June and May payroll numbers were revised with only a small net effect—June payrolls rose 64,000 compared with the initially reported 80,000, and May was up 87,000 versus an earlier estimate of 77,000. The Labor Department Friday said private companies accounted for all of the growth in July payrolls, adding 172,000 jobs during the month. Governments, meanwhile, shed 9,000 positions. The federal work force shrank by 2,000.
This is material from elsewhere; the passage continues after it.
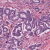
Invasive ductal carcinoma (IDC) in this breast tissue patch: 1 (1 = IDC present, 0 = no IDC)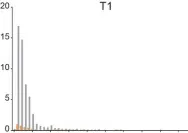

Average earnings edged up by two cents to $23.52 an hour, while the average workweek was unchanged at 34.5 hours. A broader measure of unemployment—which includes job seekers as well as those in part-time jobs—rose to 15.0% in July from 14.9% the previous month.

Quick thoughts:

  • Much of the private-sector job improvements were in non-sustainable areas.  The manufacturing gains were due to auto manufacturers simply not shutting their plants like normal (+13k). This means 13,000 jobs were added back into the overall number that really weren’t new jobs created.  Also leisure and hospitality accounted for another +29k — these are waitresses and bartenders (or similar), not exactly the backbone of an economy.
  • This continues to be the longest stretch of 8% or higher unemployment since the Great Depression, 42 straight months.
  • If the labor force participation rate was the same as when Obama took office in January 2009, the unemployment rate would be 11.0%.
  • Unemployment for blacks fell from 14.4 percent to 14.1 percent, while the rate for Latinos slid from 11 percent to 10.3 percent. The unemployment rate for teenagers edged higher to 23.8 percent.
  • Average hourly earnings are up 1.7% over the last year, which is actually the same rate as inflation (that’s June12/June11 for inflation since we don’t have July’s price report yet).  Flat real paychecks are better than falling paychecks, but that’s a slow pace of wage growth, consistent with all the slack in the job market.
  • The seasonal adjustments factor is rightly confusing.  Don’t waste your time on it.  Just know that this occurs every month and it is a fudge factor that does shake the credibility of reports. The effect this month was seen in the household survey showing that the actual amount of Americans working dropped by 195,000, with the net job gain resulting primarily from seasonal adjustments in the establishment survey. This means no jobs were actually created, just the seasonal adjustment pushing the released figure into positive territory.
  • Regardless of the noise the seasonal adjustment creates, looking at the macro-trend you see a sputtering economy with weak job growth.

2 Trackbacks

  1. […] line (from two months ago) still applies today: Not much to see here. Really. The full takeaway is an improved report […]

  2. […] August, I wrote the following regarding the monthly jobs […]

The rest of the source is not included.